İnsan yaşlandıkça, hayatın zorluklarına karşı daha bilgece bir duruş sergileyeceğini umar. Ancak, bilgelik ve deneyim, duygusal kırılganlığı ortadan kaldırmaz. Aksine, hayatın anlamını ve değerini daha derinden kavradıkça, duygusal yaralar da daha derin hissedilebilir.
Yaş ilerledikçe, hayattaki küçük şeylerin değerini daha iyi anlıyoruz sanki. Bir çiçek açması, bir kuşun sesi, sevdiklerimizle geçirdiğimiz anlar... Bunların hepsi, bizim için daha kıymetli hale geliyor. Belki de bu yüzden, ani bir kayıp ya da trajedi yaşadığımızda, acısı daha büyük oluyor. Çünkü artık sadece bir hayali değil, o güzel anıları, o tatlı hatıraları da kaybetmiş oluyoruz.
Diğer bir şey de, yaşlandıkça, kendimizi daha zayıf, daha yavaş, daha çekingen hissetmeye başlıyoruz. Belki de bu yüzden, hayatın zorluklarıyla yüzleşmek, gençliğimizde olduğundan daha zor geliyor. Evet, artık daha tecrübeli ve bilgiliyiz. Ama aynı zamanda, duygusal olarak daha savunmasızız.
Ebet, bazı insanlar yaşlılığı büyük bir olgunluk ve huzur içinde karşılıyor. Hayatın onlara sunduğu her şeyi kabul ediyorlar. Ama çoğu insan için yaşlılık, gelecek korkusuyla birlikte geliyor. Yaşlanmaktan, güç kaybetmekten, yalnız kalmaktan korkuyoruz.
Cormac McCarthy'nin “No Country for Old Men.” adlı romanının film uyarlamasındaki anlatacağım şu sahne üzerinde düşünün.
Sahnede, yaşlı Şerif Bell (Tommy Lee Jones'un canlandırdığı karakter), emekliliğin eşiğinde, dünyanın karmaşıklığı karşısında kendini çaresiz hisseder.

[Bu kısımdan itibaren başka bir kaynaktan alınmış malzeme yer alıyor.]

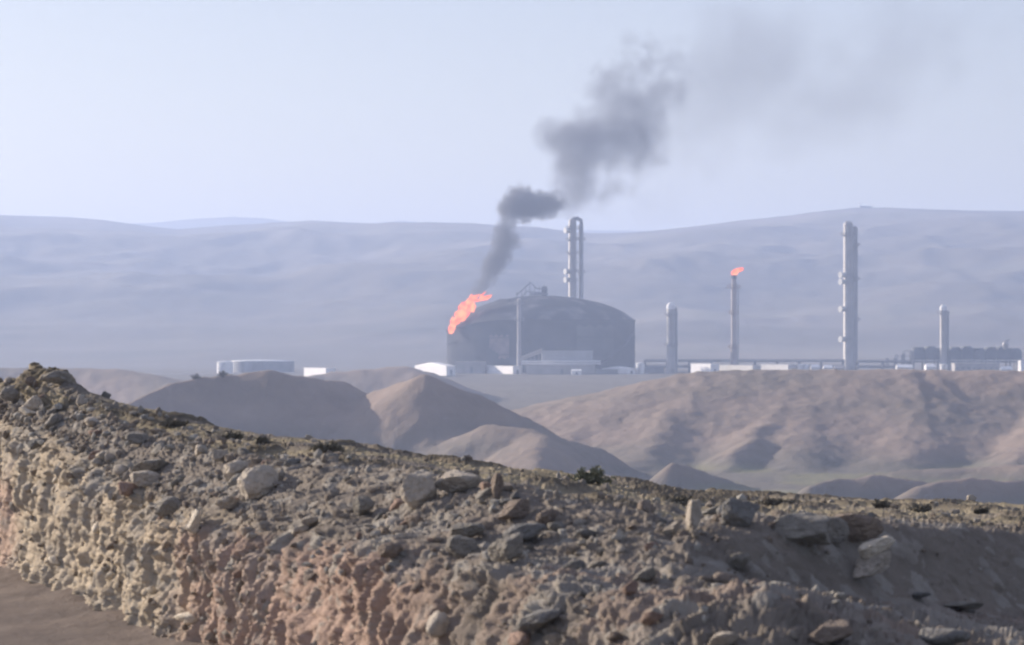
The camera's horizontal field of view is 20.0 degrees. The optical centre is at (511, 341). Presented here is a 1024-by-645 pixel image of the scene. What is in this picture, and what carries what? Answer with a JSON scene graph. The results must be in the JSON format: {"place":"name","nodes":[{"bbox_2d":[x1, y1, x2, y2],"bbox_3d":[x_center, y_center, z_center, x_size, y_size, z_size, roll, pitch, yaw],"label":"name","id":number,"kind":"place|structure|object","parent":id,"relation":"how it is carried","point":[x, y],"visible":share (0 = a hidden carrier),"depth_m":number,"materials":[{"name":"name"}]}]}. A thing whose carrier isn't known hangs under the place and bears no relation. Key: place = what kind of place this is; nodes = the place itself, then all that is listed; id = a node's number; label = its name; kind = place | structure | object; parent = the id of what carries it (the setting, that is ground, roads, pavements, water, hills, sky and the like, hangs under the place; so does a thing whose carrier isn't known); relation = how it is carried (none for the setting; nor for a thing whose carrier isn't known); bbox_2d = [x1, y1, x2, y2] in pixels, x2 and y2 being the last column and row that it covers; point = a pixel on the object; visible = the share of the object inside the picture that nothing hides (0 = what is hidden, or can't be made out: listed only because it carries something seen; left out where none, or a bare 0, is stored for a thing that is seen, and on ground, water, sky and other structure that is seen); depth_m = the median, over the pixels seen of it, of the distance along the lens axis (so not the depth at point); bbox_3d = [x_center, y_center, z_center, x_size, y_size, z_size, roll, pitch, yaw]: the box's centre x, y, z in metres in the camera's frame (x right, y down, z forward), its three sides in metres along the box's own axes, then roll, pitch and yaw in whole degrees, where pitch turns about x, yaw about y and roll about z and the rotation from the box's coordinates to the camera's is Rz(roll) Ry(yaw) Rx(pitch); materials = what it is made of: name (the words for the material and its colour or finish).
{"place":"outdoors","nodes":[
{"label":"outdoors","id":0,"kind":"place"},
{"bbox_2d":[0,566,205,644],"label":"dirt road","id":1,"kind":"structure","parent":0,"point":[36,614],"depth_m":25.61,"materials":[{"name":"soil"}]},
{"bbox_2d":[129,217,643,232],"bbox_3d":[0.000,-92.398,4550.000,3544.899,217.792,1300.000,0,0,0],"label":"distant ridge","id":2,"kind":"structure","parent":0,"point":[194,223],"depth_m":4675.52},
{"bbox_2d":[0,362,1023,644],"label":"bank","id":3,"kind":"structure","parent":0,"point":[326,616],"depth_m":19.78,"materials":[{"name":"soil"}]},
{"bbox_2d":[0,386,20,400],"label":"boulder","id":4,"kind":"object","parent":3,"relation":"on","point":[8,393],"visible":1,"depth_m":33.62,"materials":[{"name":"grey stone"}]},
{"bbox_2d":[22,395,43,410],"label":"stone","id":5,"kind":"object","parent":3,"relation":"on","point":[32,403],"visible":0.71,"depth_m":32.29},
{"bbox_2d":[27,438,47,449],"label":"stone","id":6,"kind":"object","parent":3,"relation":"on","point":[32,444],"visible":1,"depth_m":29.99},
{"bbox_2d":[43,414,61,428],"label":"stone","id":7,"kind":"object","parent":3,"relation":"on","point":[53,420],"visible":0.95,"depth_m":30.53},
{"bbox_2d":[43,370,71,384],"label":"boulder","id":8,"kind":"object","parent":3,"relation":"on","point":[59,377],"visible":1,"depth_m":32.76,"materials":[{"name":"grey stone"}]},
{"bbox_2d":[84,417,99,426],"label":"stone","id":9,"kind":"object","parent":3,"relation":"on","point":[90,421],"visible":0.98,"depth_m":29.27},
{"bbox_2d":[113,464,126,475],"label":"stone","id":10,"kind":"object","parent":3,"relation":"on","point":[119,469],"visible":0.88,"depth_m":27.01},
{"bbox_2d":[118,481,138,496],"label":"stone","id":11,"kind":"object","parent":3,"relation":"on","point":[125,488],"visible":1,"depth_m":26.19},
{"bbox_2d":[125,432,150,443],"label":"boulder","id":12,"kind":"object","parent":3,"relation":"on","point":[136,437],"visible":1,"depth_m":27.74,"materials":[{"name":"grey stone"}]},
{"bbox_2d":[130,470,159,486],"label":"boulder","id":13,"kind":"object","parent":3,"relation":"on","point":[143,478],"visible":0.99,"depth_m":26.17,"materials":[{"name":"stone"}]},
{"bbox_2d":[130,459,168,472],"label":"boulder","id":14,"kind":"object","parent":3,"relation":"on","point":[153,465],"visible":0.85,"depth_m":26.47,"materials":[{"name":"grey stone"}]},
{"bbox_2d":[157,496,179,515],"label":"stone","id":15,"kind":"object","parent":3,"relation":"on","point":[168,505],"visible":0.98,"depth_m":24.82,"materials":[{"name":"stone"}]},
{"bbox_2d":[157,417,189,426],"bbox_3d":[-3.367,0.809,28.782,0.335,0.110,0.230,0,0,-26],"label":"shrub","id":16,"kind":"object","parent":3,"relation":"on","point":[171,422],"visible":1,"depth_m":28.75,"materials":[{"name":"green plant"}]},
{"bbox_2d":[174,612,197,624],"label":"stone","id":17,"kind":"object","parent":3,"relation":"on","point":[187,618],"visible":1,"depth_m":23.03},
{"bbox_2d":[186,509,200,533],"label":"boulder","id":18,"kind":"object","parent":3,"relation":"on","point":[193,526],"visible":1,"depth_m":23.02,"materials":[{"name":"beige stone"}]},
{"bbox_2d":[195,444,207,456],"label":"stone","id":19,"kind":"object","parent":3,"relation":"on","point":[200,449],"visible":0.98,"depth_m":25.94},
{"bbox_2d":[211,449,227,461],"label":"boulder","id":20,"kind":"object","parent":3,"relation":"on","point":[217,455],"visible":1,"depth_m":25.18,"materials":[{"name":"stone"}]},
{"bbox_2d":[214,495,238,508],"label":"boulder","id":21,"kind":"object","parent":3,"relation":"on","point":[226,502],"visible":1,"depth_m":23.08,"materials":[{"name":"stone"}]},
{"bbox_2d":[221,430,243,439],"bbox_3d":[-2.621,0.886,27.326,0.248,0.111,0.184,0,0,23],"label":"shrub","id":22,"kind":"object","parent":3,"relation":"on","point":[235,435],"visible":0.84,"depth_m":27.29,"materials":[{"name":"green plant"}]},
{"bbox_2d":[227,473,241,486],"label":"stone","id":23,"kind":"object","parent":3,"relation":"on","point":[232,481],"visible":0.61,"depth_m":23.80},
{"bbox_2d":[222,460,248,480],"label":"boulder","id":24,"kind":"object","parent":3,"relation":"on","point":[230,470],"visible":0.78,"depth_m":23.95,"materials":[{"name":"stone"}]},
{"bbox_2d":[237,465,278,499],"bbox_3d":[-2.013,1.125,23.078,0.310,0.339,0.271,40,5,8],"label":"boulder","id":25,"kind":"object","parent":3,"relation":"on","point":[254,482],"visible":0.95,"depth_m":22.98,"materials":[{"name":"stone"}]},
{"bbox_2d":[284,458,300,466],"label":"stone","id":26,"kind":"object","parent":3,"relation":"on","point":[288,462],"visible":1,"depth_m":23.37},
{"bbox_2d":[292,525,308,535],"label":"stone","id":27,"kind":"object","parent":3,"relation":"on","point":[300,529],"visible":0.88,"depth_m":21.08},
{"bbox_2d":[301,517,318,525],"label":"boulder","id":28,"kind":"object","parent":3,"relation":"on","point":[309,521],"visible":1,"depth_m":21.07,"materials":[{"name":"stone"}]},
{"bbox_2d":[309,440,344,453],"bbox_3d":[-1.592,0.914,24.991,0.314,0.146,0.272,0,0,0],"label":"shrub","id":29,"kind":"object","parent":3,"relation":"on","point":[331,446],"visible":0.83,"depth_m":24.96,"materials":[{"name":"green plant"}]},
{"bbox_2d":[352,495,374,515],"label":"boulder","id":30,"kind":"object","parent":3,"relation":"on","point":[363,504],"visible":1,"depth_m":20.67,"materials":[{"name":"grey stone"}]},
{"bbox_2d":[377,542,402,557],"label":"boulder","id":31,"kind":"object","parent":3,"relation":"on","point":[389,550],"visible":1,"depth_m":18.52,"materials":[{"name":"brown stone"}]},
{"bbox_2d":[389,498,404,510],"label":"stone","id":32,"kind":"object","parent":3,"relation":"on","point":[397,503],"visible":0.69,"depth_m":20.40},
{"bbox_2d":[404,514,424,524],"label":"stone","id":33,"kind":"object","parent":3,"relation":"on","point":[417,518],"visible":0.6,"depth_m":19.61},
{"bbox_2d":[411,579,422,591],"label":"stone","id":34,"kind":"object","parent":3,"relation":"on","point":[417,586],"visible":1,"depth_m":18.11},
{"bbox_2d":[400,471,437,508],"bbox_3d":[-0.651,1.033,20.121,0.255,0.260,0.208,-15,3,-6],"label":"boulder","id":35,"kind":"object","parent":3,"relation":"on","point":[418,488],"visible":0.91,"depth_m":20.05,"materials":[{"name":"stone"}]},
{"bbox_2d":[426,611,449,637],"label":"stone","id":36,"kind":"object","parent":3,"relation":"on","point":[438,622],"visible":1,"depth_m":17.44,"materials":[{"name":"stone"}]},
{"bbox_2d":[434,470,482,492],"bbox_3d":[-0.368,0.973,20.124,0.337,0.146,0.269,-8,6,-11],"label":"boulder","id":37,"kind":"object","parent":3,"relation":"on","point":[452,481],"visible":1,"depth_m":20.06,"materials":[{"name":"stone"}]},
{"bbox_2d":[447,535,478,557],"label":"boulder","id":38,"kind":"object","parent":3,"relation":"on","point":[460,546],"visible":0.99,"depth_m":18.05,"materials":[{"name":"grey stone"}]},
{"bbox_2d":[450,522,485,537],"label":"boulder","id":39,"kind":"object","parent":3,"relation":"on","point":[470,530],"visible":0.93,"depth_m":18.24,"materials":[{"name":"grey stone"}]},
{"bbox_2d":[475,487,492,500],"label":"stone","id":40,"kind":"object","parent":3,"relation":"on","point":[486,493],"visible":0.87,"depth_m":19.48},
{"bbox_2d":[491,473,503,497],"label":"boulder","id":41,"kind":"object","parent":3,"relation":"on","point":[497,482],"visible":1,"depth_m":19.37,"materials":[{"name":"brown stone"}]},
{"bbox_2d":[488,532,523,561],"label":"boulder","id":42,"kind":"object","parent":3,"relation":"on","point":[510,547],"visible":1,"depth_m":17.23,"materials":[{"name":"grey stone"}]},
{"bbox_2d":[497,499,529,519],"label":"boulder","id":43,"kind":"object","parent":3,"relation":"on","point":[513,509],"visible":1,"depth_m":18.67,"materials":[{"name":"brown stone"}]},
{"bbox_2d":[507,631,530,644],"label":"stone","id":44,"kind":"object","parent":3,"relation":"on","point":[519,638],"visible":1,"depth_m":16.06,"materials":[{"name":"stone"}]},
{"bbox_2d":[502,522,546,540],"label":"boulder","id":45,"kind":"object","parent":3,"relation":"on","point":[529,530],"visible":0.83,"depth_m":18.02,"materials":[{"name":"stone"}]},
{"bbox_2d":[518,608,563,631],"bbox_3d":[0.162,1.539,16.069,0.269,0.108,0.215,-18,-2,-10],"label":"boulder","id":46,"kind":"object","parent":3,"relation":"on","point":[536,620],"visible":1,"depth_m":16.02,"materials":[{"name":"stone"}]},
{"bbox_2d":[535,508,556,527],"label":"boulder","id":47,"kind":"object","parent":3,"relation":"on","point":[545,517],"visible":0.87,"depth_m":18.40,"materials":[{"name":"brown stone"}]},
{"bbox_2d":[543,632,561,644],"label":"boulder","id":48,"kind":"object","parent":3,"relation":"on","point":[552,639],"visible":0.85,"depth_m":15.96,"materials":[{"name":"stone"}]},
{"bbox_2d":[547,521,564,530],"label":"stone","id":49,"kind":"object","parent":3,"relation":"on","point":[553,526],"visible":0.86,"depth_m":18.29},
{"bbox_2d":[562,559,585,569],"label":"stone","id":50,"kind":"object","parent":3,"relation":"on","point":[578,564],"visible":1,"depth_m":16.72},
{"bbox_2d":[575,528,598,535],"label":"boulder","id":51,"kind":"object","parent":3,"relation":"on","point":[586,532],"visible":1,"depth_m":17.89,"materials":[{"name":"stone"}]},
{"bbox_2d":[568,465,616,484],"bbox_3d":[0.743,1.305,28.022,0.532,0.236,0.330,0,0,0],"label":"shrub","id":52,"kind":"object","parent":3,"relation":"on","point":[593,475],"visible":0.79,"depth_m":27.96,"materials":[{"name":"green plant"}]},
{"bbox_2d":[605,631,622,640],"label":"stone","id":53,"kind":"object","parent":3,"relation":"on","point":[614,635],"visible":1,"depth_m":15.08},
{"bbox_2d":[622,580,638,595],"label":"boulder","id":54,"kind":"object","parent":3,"relation":"on","point":[630,588],"visible":1,"depth_m":15.43,"materials":[{"name":"stone"}]},
{"bbox_2d":[633,566,656,581],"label":"stone","id":55,"kind":"object","parent":3,"relation":"on","point":[647,573],"visible":0.98,"depth_m":16.42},
{"bbox_2d":[637,500,655,512],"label":"stone","id":56,"kind":"object","parent":3,"relation":"on","point":[646,506],"visible":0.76,"depth_m":18.73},
{"bbox_2d":[641,611,663,625],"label":"boulder","id":57,"kind":"object","parent":3,"relation":"on","point":[650,618],"visible":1,"depth_m":14.88,"materials":[{"name":"stone"}]},
{"bbox_2d":[661,521,678,534],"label":"boulder","id":58,"kind":"object","parent":3,"relation":"on","point":[672,528],"visible":1,"depth_m":17.43,"materials":[{"name":"stone"}]},
{"bbox_2d":[671,495,707,504],"bbox_3d":[1.541,1.434,26.160,0.392,0.109,0.311,0,0,-34],"label":"shrub","id":59,"kind":"object","parent":3,"relation":"on","point":[684,500],"visible":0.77,"depth_m":26.10,"materials":[{"name":"green plant"}]},
{"bbox_2d":[686,499,701,532],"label":"boulder","id":60,"kind":"object","parent":3,"relation":"on","point":[693,515],"visible":0.97,"depth_m":17.46,"materials":[{"name":"stone"}]},
{"bbox_2d":[708,631,739,644],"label":"boulder","id":61,"kind":"object","parent":3,"relation":"on","point":[724,638],"visible":1,"depth_m":14.14,"materials":[{"name":"stone"}]},
{"bbox_2d":[712,572,741,583],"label":"stone","id":62,"kind":"object","parent":3,"relation":"on","point":[721,577],"visible":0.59,"depth_m":16.27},
{"bbox_2d":[728,553,750,571],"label":"stone","id":63,"kind":"object","parent":3,"relation":"on","point":[738,562],"visible":1,"depth_m":16.96,"materials":[{"name":"stone"}]},
{"bbox_2d":[722,497,760,526],"bbox_3d":[1.394,1.053,17.735,0.250,0.204,0.159,0,0,-20],"label":"boulder","id":64,"kind":"object","parent":3,"relation":"on","point":[737,512],"visible":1,"depth_m":17.68,"materials":[{"name":"stone"}]},
{"bbox_2d":[751,495,801,505],"bbox_3d":[2.483,1.499,27.289,0.422,0.115,0.373,0,0,-36],"label":"shrub","id":65,"kind":"object","parent":3,"relation":"on","point":[770,501],"visible":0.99,"depth_m":27.24,"materials":[{"name":"green plant"}]},
{"bbox_2d":[773,512,830,544],"bbox_3d":[1.773,1.159,17.912,0.381,0.203,0.305,0,2,9],"label":"boulder","id":66,"kind":"object","parent":3,"relation":"on","point":[805,528],"visible":0.98,"depth_m":17.82,"materials":[{"name":"grey stone"}]},
{"bbox_2d":[808,619,852,644],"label":"boulder","id":67,"kind":"object","parent":3,"relation":"on","point":[827,632],"visible":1,"depth_m":14.29,"materials":[{"name":"grey stone"}]},
{"bbox_2d":[830,516,849,543],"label":"boulder","id":68,"kind":"object","parent":3,"relation":"on","point":[839,528],"visible":0.62,"depth_m":18.22,"materials":[{"name":"grey stone"}]},
{"bbox_2d":[834,513,883,541],"bbox_3d":[2.164,1.190,18.503,0.389,0.198,0.259,0,0,37],"label":"boulder","id":69,"kind":"object","parent":3,"relation":"on","point":[863,527],"visible":0.65,"depth_m":18.39,"materials":[{"name":"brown stone"}]},
{"bbox_2d":[852,550,891,577],"bbox_3d":[2.227,1.388,18.114,0.255,0.170,0.186,0,0,-42],"label":"boulder","id":70,"kind":"object","parent":3,"relation":"on","point":[875,565],"visible":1,"depth_m":18.07,"materials":[{"name":"stone"}]},
{"bbox_2d":[858,536,894,558],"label":"boulder","id":71,"kind":"object","parent":70,"relation":"on","point":[872,548],"visible":1,"depth_m":18.07,"materials":[{"name":"beige stone"}]},
{"bbox_2d":[872,498,889,508],"bbox_3d":[3.742,1.653,29.402,0.190,0.126,0.149,0,0,22],"label":"shrub","id":72,"kind":"object","parent":3,"relation":"on","point":[883,504],"visible":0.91,"depth_m":29.39,"materials":[{"name":"green plant"}]},
{"bbox_2d":[906,504,931,511],"bbox_3d":[3.911,1.603,27.787,0.240,0.109,0.219,0,0,-26],"label":"shrub","id":73,"kind":"object","parent":3,"relation":"on","point":[920,507],"visible":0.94,"depth_m":27.76,"materials":[{"name":"green plant"}]},
{"bbox_2d":[918,627,970,644],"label":"stone","id":74,"kind":"object","parent":3,"relation":"on","point":[939,636],"visible":1,"depth_m":15.04,"materials":[{"name":"stone"}]},
{"bbox_2d":[943,601,983,608],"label":"boulder","id":75,"kind":"object","parent":3,"relation":"on","point":[966,605],"visible":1,"depth_m":18.62,"materials":[{"name":"grey stone"}]},
{"bbox_2d":[0,207,1023,365],"bbox_3d":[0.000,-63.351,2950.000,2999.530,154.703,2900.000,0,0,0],"label":"hills","id":76,"kind":"structure","parent":0,"point":[83,292],"depth_m":2102.82,"materials":[{"name":"soil"}]},
{"bbox_2d":[0,366,1023,504],"bbox_3d":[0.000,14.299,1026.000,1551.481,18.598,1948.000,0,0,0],"label":"valley","id":77,"kind":"structure","parent":0,"point":[917,432],"depth_m":526.50,"materials":[{"name":"soil"}]},
{"bbox_2d":[216,361,232,372],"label":"tank","id":78,"kind":"object","parent":77,"relation":"on","point":[227,366],"visible":0.92,"depth_m":1177.31,"materials":[{"name":"white metal"}]},
{"bbox_2d":[231,360,294,371],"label":"tank","id":79,"kind":"object","parent":77,"relation":"on","point":[261,365],"visible":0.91,"depth_m":1218.81,"materials":[{"name":"grey metal"}]},
{"bbox_2d":[304,368,335,375],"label":"building","id":80,"kind":"structure","parent":77,"relation":"on","point":[311,371],"depth_m":1097.76,"materials":[{"name":"white metal"}]},
{"bbox_2d":[415,362,454,375],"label":"building","id":81,"kind":"structure","parent":77,"relation":"on","point":[440,369],"depth_m":1124.01,"materials":[{"name":"white metal"}]},
{"bbox_2d":[456,362,485,373],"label":"building","id":82,"kind":"structure","parent":77,"relation":"on","point":[470,367],"depth_m":1168.00,"materials":[{"name":"metal"}]},
{"bbox_2d":[486,366,521,373],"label":"building","id":83,"kind":"structure","parent":77,"relation":"on","point":[503,369],"depth_m":1158.02,"materials":[{"name":"white metal"}]},
{"bbox_2d":[514,298,523,365],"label":"column","id":84,"kind":"structure","parent":77,"relation":"on","point":[518,301],"depth_m":1187.20,"materials":[{"name":"metal"}]},
{"bbox_2d":[521,349,541,373],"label":"pipe gallery","id":85,"kind":"object","parent":77,"relation":"on","point":[530,356],"visible":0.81,"depth_m":1167.80,"materials":[{"name":"metal"}]},
{"bbox_2d":[446,282,635,372],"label":"storage tank","id":86,"kind":"object","parent":77,"relation":"on","point":[604,333],"visible":0.94,"depth_m":1208.21,"materials":[{"name":"metal"}]},
{"bbox_2d":[448,292,491,333],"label":"flame","id":87,"kind":"object","parent":86,"relation":"attached to","point":[466,308],"visible":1,"depth_m":1219.29,"materials":[{"name":"orange"}]},
{"bbox_2d":[526,365,594,373],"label":"building","id":88,"kind":"structure","parent":77,"relation":"on","point":[554,369],"depth_m":1147.50,"materials":[{"name":"metal"}]},
{"bbox_2d":[522,361,600,373],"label":"pipe gallery","id":89,"kind":"object","parent":77,"relation":"on","point":[524,364],"visible":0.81,"depth_m":1159.73,"materials":[{"name":"white metal"}]},
{"bbox_2d":[541,351,592,362],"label":"building","id":90,"kind":"structure","parent":77,"relation":"on","point":[567,355],"depth_m":1163.00,"materials":[{"name":"grey metal"}]},
{"bbox_2d":[563,216,582,298],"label":"column","id":91,"kind":"structure","parent":77,"relation":"on","point":[572,252],"depth_m":1298.62,"materials":[{"name":"metal"}]},
{"bbox_2d":[595,369,617,373],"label":"building","id":92,"kind":"structure","parent":77,"relation":"on","point":[606,371],"depth_m":1147.50,"materials":[{"name":"grey metal"}]},
{"bbox_2d":[602,367,635,373],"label":"building","id":93,"kind":"structure","parent":77,"relation":"on","point":[624,370],"depth_m":1158.05,"materials":[{"name":"white metal"}]},
{"bbox_2d":[645,367,663,372],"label":"building","id":94,"kind":"structure","parent":77,"relation":"on","point":[654,369],"depth_m":1186.00,"materials":[{"name":"grey metal"}]},
{"bbox_2d":[664,302,677,372],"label":"column","id":95,"kind":"structure","parent":77,"relation":"on","point":[671,313],"depth_m":1178.52,"materials":[{"name":"metal"}]},
{"bbox_2d":[690,364,718,372],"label":"building","id":96,"kind":"structure","parent":77,"relation":"on","point":[705,367],"depth_m":1136.65,"materials":[{"name":"white metal"}]},
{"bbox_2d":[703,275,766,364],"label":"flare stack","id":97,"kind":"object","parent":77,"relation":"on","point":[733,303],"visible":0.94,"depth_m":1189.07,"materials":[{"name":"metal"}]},
{"bbox_2d":[719,365,760,370],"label":"building","id":98,"kind":"structure","parent":77,"relation":"on","point":[739,367],"depth_m":1136.84,"materials":[{"name":"grey metal"}]},
{"bbox_2d":[644,359,844,372],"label":"pipe rack","id":99,"kind":"object","parent":77,"relation":"on","point":[688,366],"visible":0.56,"depth_m":1198.50,"materials":[{"name":"metal"}]},
{"bbox_2d":[760,364,796,369],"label":"building","id":100,"kind":"structure","parent":77,"relation":"on","point":[775,367],"depth_m":1137.99,"materials":[{"name":"grey metal"}]},
{"bbox_2d":[838,221,855,369],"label":"column","id":101,"kind":"structure","parent":77,"relation":"on","point":[847,281],"depth_m":1208.25,"materials":[{"name":"metal"}]},
{"bbox_2d":[853,226,859,369],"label":"column","id":102,"kind":"structure","parent":77,"relation":"on","point":[855,294],"depth_m":1216.41,"materials":[{"name":"grey metal"}]},
{"bbox_2d":[855,360,909,369],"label":"pipe rack","id":103,"kind":"object","parent":77,"relation":"on","point":[881,366],"visible":0.79,"depth_m":1203.85,"materials":[{"name":"metal"}]},
{"bbox_2d":[886,350,911,368],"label":"process frame","id":104,"kind":"object","parent":77,"relation":"on","point":[902,356],"visible":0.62,"depth_m":1209.00,"materials":[{"name":"grey metal"}]},
{"bbox_2d":[937,304,949,369],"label":"column","id":105,"kind":"structure","parent":77,"relation":"on","point":[944,335],"depth_m":1198.73,"materials":[{"name":"metal"}]},
{"bbox_2d":[910,346,1021,370],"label":"air cooler bank","id":106,"kind":"structure","parent":77,"relation":"on","point":[969,353],"depth_m":1204.70,"materials":[{"name":"metal"}]},
{"bbox_2d":[951,363,999,370],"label":"building","id":107,"kind":"structure","parent":77,"relation":"on","point":[972,366],"depth_m":1136.00,"materials":[{"name":"metal"}]},
{"bbox_2d":[0,0,1023,230],"label":"sky","id":108,"kind":"structure","parent":0,"point":[621,115],"materials":[{"name":"blue"}]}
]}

Suç, uyuşturucu ve şiddetin giderek arttığı bu dünyada, iyiliğin kötülüğü yendiği o basit anlatılar artık çok nadir görülmektedir. Şerif Bell, hayatında bir boşluk, bir anlamsızlık olduğunu düşünür. Sanki tüm değerler altüst olmuş, dünya artık onun anlayabileceği bir yer olmaktan çıkmıştır.
Şerif Bell, görev sırasında aldığı bir kurşun yarası sonucu tekerlekli sandalyeye mahkum olan emekli Şerif amcası Ellis'i ziyaret eder. Amca Ellis'in (gerçek hayattaki kovboy/aktör Barry Corbin tarafından muhteşem bir şekilde canlandırılıyor) yüzünde, hayatın zorluklarına rağmen dimdik duran bir bilgelik ifadesi vardır. Şerif Bell'in içindeki çaresizliği fark eden Amca Ellis, ona hayatın anlamı ve zorluklarla başa çıkma konusunda değerli bilgiler verir.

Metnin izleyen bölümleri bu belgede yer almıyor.